In this example, the Fibo levels on the downtrend showed a demand zone. The price retested the near level, failed to return to the far one, and then went upwards after the breakdown of the near level. According to the following Fibo levels, you could also draw local zones.
Pivot levels. A tool for determining possible reversal levels. Classic points show three resistance levels and three support levels, the significance of which increases as you move away from the current price value. The demand zone can be built between the 2nd (S2) and the 3rd (S3) support, and the supply zone - be between the 2nd (R2) and the 3rd (R3) resistance.
Early Pivot levels can also indicate anticipated zones, but it is better to be guided by current levels. The last level R2 shows the near (lower boundary) of a possible supply zone. It makes no sense to set the far border on R3, it is more logical to do it on the last short-term consolidation zone of the downtrend. Note: the constructed zone captured two good reversals on the left side of the chart. This confirms that the zone is strong enough and that a new temporary consolidation or reversal down here is possible.

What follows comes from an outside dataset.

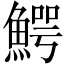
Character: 鰐
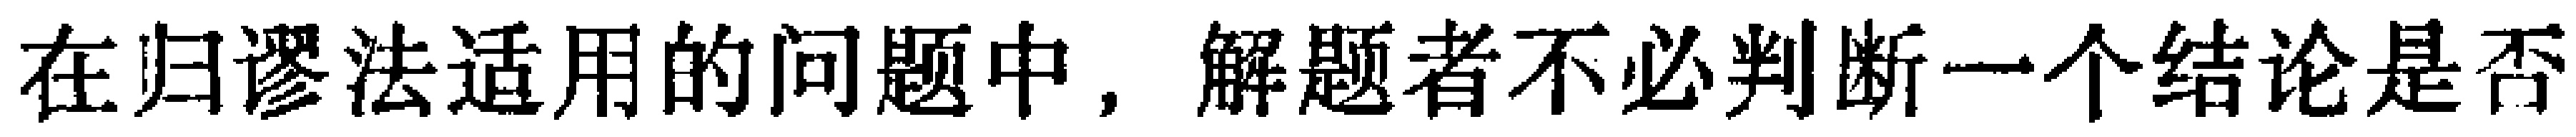
在归谬法适用的问题中，解题者不必判断一个结论是否

Oscillators. They confirm a possible reversal. We can build zones based on the coinciding reversal of the price and the oscillator in the overbought/oversold ranges. Or you can receive a confirmation signal from the oscillator when the price will already be in its zones.
You can also use trend indicators to identify supply and demand zones, but they show better the moment of exiting these zones.
How to use zone patterns in trading:
- Finding trade opening points. Zones can be regarded as a section of a temporary flat, the exit from which is on one or the other side. The signal is necessarily confirmed by other instruments.
- Setting Take Profit and Stops. Assuming that in the zones there is a struggle between buyers and sellers, then it would be logical to put stops outside the zone, and the transaction should be closed before the price enters the zone.
- Do not forget to consider the fundamental factor. For example, in the demand zone, in theory, there is an increased demand from buyers, which should turn the price up. But the release of news can change their minds and the downtrend will only increase the speed.